Le lien, je l’ai établi dès ma prise de fonctions en rencontrant tous les responsables professionnels et il s’est toujours maintenu. Reste qu’au-delà de la contestation de quelques dispositions du projet de loi santé, et notamment du tiers payant, ce mouvement de contestation s’est installé, car il a des racines plus profondes. Les conditions d’exercice des médecins sont devenues objectivement plus difficiles, car la pression des patients est plus forte, les pathologies chroniques plus complexes et – c’est en tout cas leur ressenti- leurs contraintes administratives plus lourdes. Les médecins aspirent à consacrer plus de temps aux soins. Ma mission, c’est évidemment la maîtrise des dépenses et l’amélioration de l’accès aux soins pour les patients. Cela doit être aussi de renforcer la qualité de service pour les professionnels de santé. Je veillerai à ce que l’Assurance-maladie soit attentive au quotidien des professionnels.
Comment ?
Un exemple. J’ai proposé au ministère de la Santé une simplification du régime des affections de longue durée, qui concernent 11 millions de personnes. On enregistre chaque année 2,6 millions d’entrées ou de renouvellement en ALD. Aujourd’hui, la décision prise par le médecin doit être approuvée par le contrôle médical, qui va jusqu’à signer le protocole de soins, ce qu’il fait évidemment dans plus de 95 % des cas. C’est une perte de temps et un manque de confiance dans les médecins. Cette signature ne serait plus nécessaire et l’avis préalable ne serait plus systématique. De plus, pour toutes les pathologies à évolution lente comme le diabète ou l’alzheimer, le renouvellement des droits ne se fera plus tous les cinq ans, mais tous les dix ans.
Les médecins contestent le tiers payant généralisé. Comment allez-vous procéder ?
Il faut d’abord distinguer les réserves de principe et les craintes d’ordre pratique sur les conditions de sa mise en oeuvre. La dispense d’avance de frais existe dans beaucoup de pays européens et concerne déjà plus du tiers des consultations en France. Le tiers payant généralisé correspond à une attente forte des assurés. Tout l’enjeu est que son déploiement ne dégrade en rien les conditions d’exercice des médecins. Je pense même qu’il peut contribuer à les simplifier en leur évitant demain toutes les opérations bancaires liées à l’encaissement des chèques et espèces qu’ils reçoivent chaque semaine.
Les médecins sont persuadés qu’ils auront davantage de contraintes…
Cela doit être le contraire. C’est l’objectif qu’ont fixé les pouvoirs publics au travers de la loi santé. Cela passe par trois engagements : le premier, c’est la garantie de paiement, qui sera acquise sur la base d’une vérification instantanée des droits des assurés à partir de la carte Vitale et, quand elle ne sera pas à jour, d’une base de données en ligne intégrée directement dans le logiciel du médecin. Le deuxième engagement, c’est la rapidité : la loi impose de ne pas dépasser un délai de 7 jours pour rembourser le médecin ; en réalité, 5 jours suffiront dans l’immense majorité des cas. J’ajoute que les délais seront publiés régulièrement. Le troisième engagement, c’est la simplicité dans le suivi des remboursements. Ces engagements, je les prends. La loi a prévu des étapes et, pour chacune d’elles, une période de test afin que chacun puisse vérifier que la pratique correspond bien à la théorie. C’est aussi une garantie très importante.

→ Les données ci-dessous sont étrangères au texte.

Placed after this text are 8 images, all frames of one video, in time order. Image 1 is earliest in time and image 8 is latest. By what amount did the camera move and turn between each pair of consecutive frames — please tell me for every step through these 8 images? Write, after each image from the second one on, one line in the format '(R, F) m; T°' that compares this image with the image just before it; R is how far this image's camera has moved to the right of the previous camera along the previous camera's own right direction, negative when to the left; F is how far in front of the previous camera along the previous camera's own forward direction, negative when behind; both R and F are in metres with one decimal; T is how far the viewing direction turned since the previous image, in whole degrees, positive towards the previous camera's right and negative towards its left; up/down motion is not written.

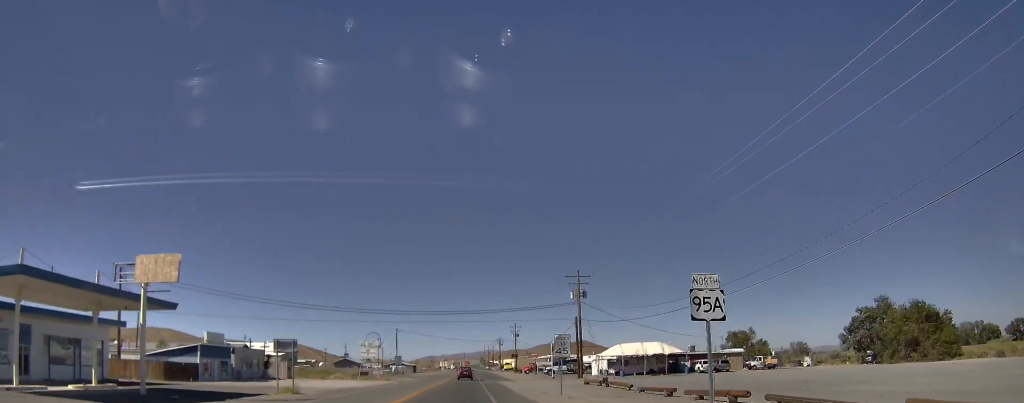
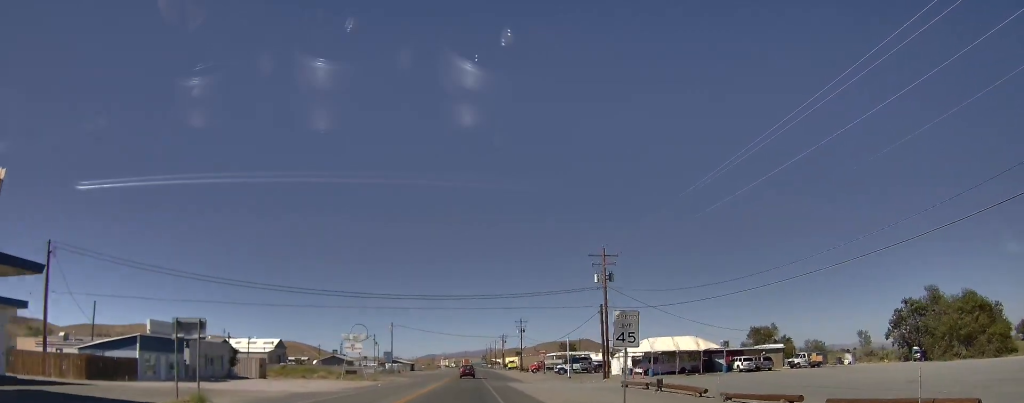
(+0.6, +13.1) m; +2°
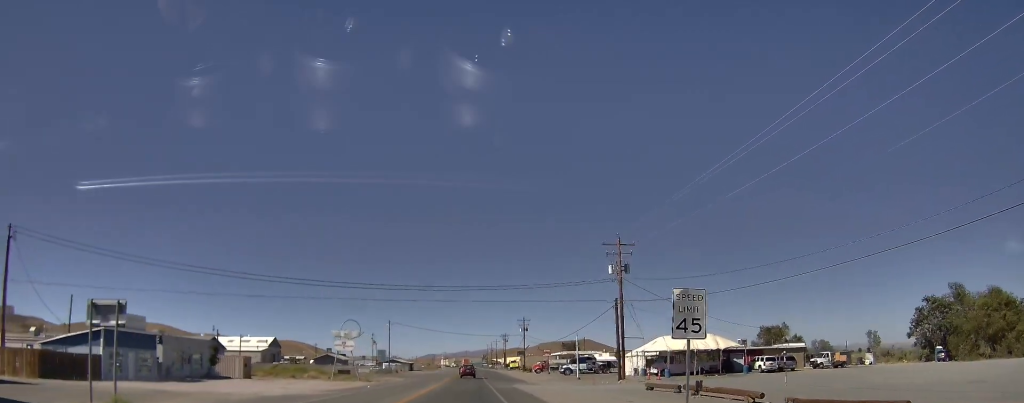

Les mutuelles sont déçues, car elles pensaient avoir un accès direct à l’assuré ou au professionnel de santé via la plate-forme tiers payant…
Le travail a commencé avec les organismes complémentaires afin de définir la future architecture. Comme la loi le prévoit, nous devrons partir des attentes des professionnels de santé, qui n’ont ni le temps ni l’envie de gérer de multiples interlocuteurs. C’est un impératif : nous devons mettre de côté les logiques institutionnelles et proposer des solutions les plus simples et les plus intégrées possible. Ce sera la responsabilité de l’Assurance-maladie de piloter le déploiement du tiers payant et d’assurer la cohérence globale du système.
Il reste des obstacles techniques : instabilité des droits, paiement des franchises…
La proportion de refus de prise en charge en tiers payant est comprise aujourd’hui entre 1 % et 2 %, en général parce que les droits des assurés ne sont pas à jour. C’est un taux que nous devons réduire drastiquement. Marisol Touraine a demandé d’ouvrir un chantier sur la continuité des droits pour les assurés qui changent de caisse primaire, de régime d’assurance ou de situation. Quant aux participations forfaitaires, en cas de tiers payant, elles sont aujourd’hui récupérées à la source sur un remboursement ultérieur. L’Assurance-maladie est donc déjà dans une logique de prélèvement ; si la loi nous donnait la possibilité de solliciter une autorisation de prélèvement bancaire, ce serait plus clair.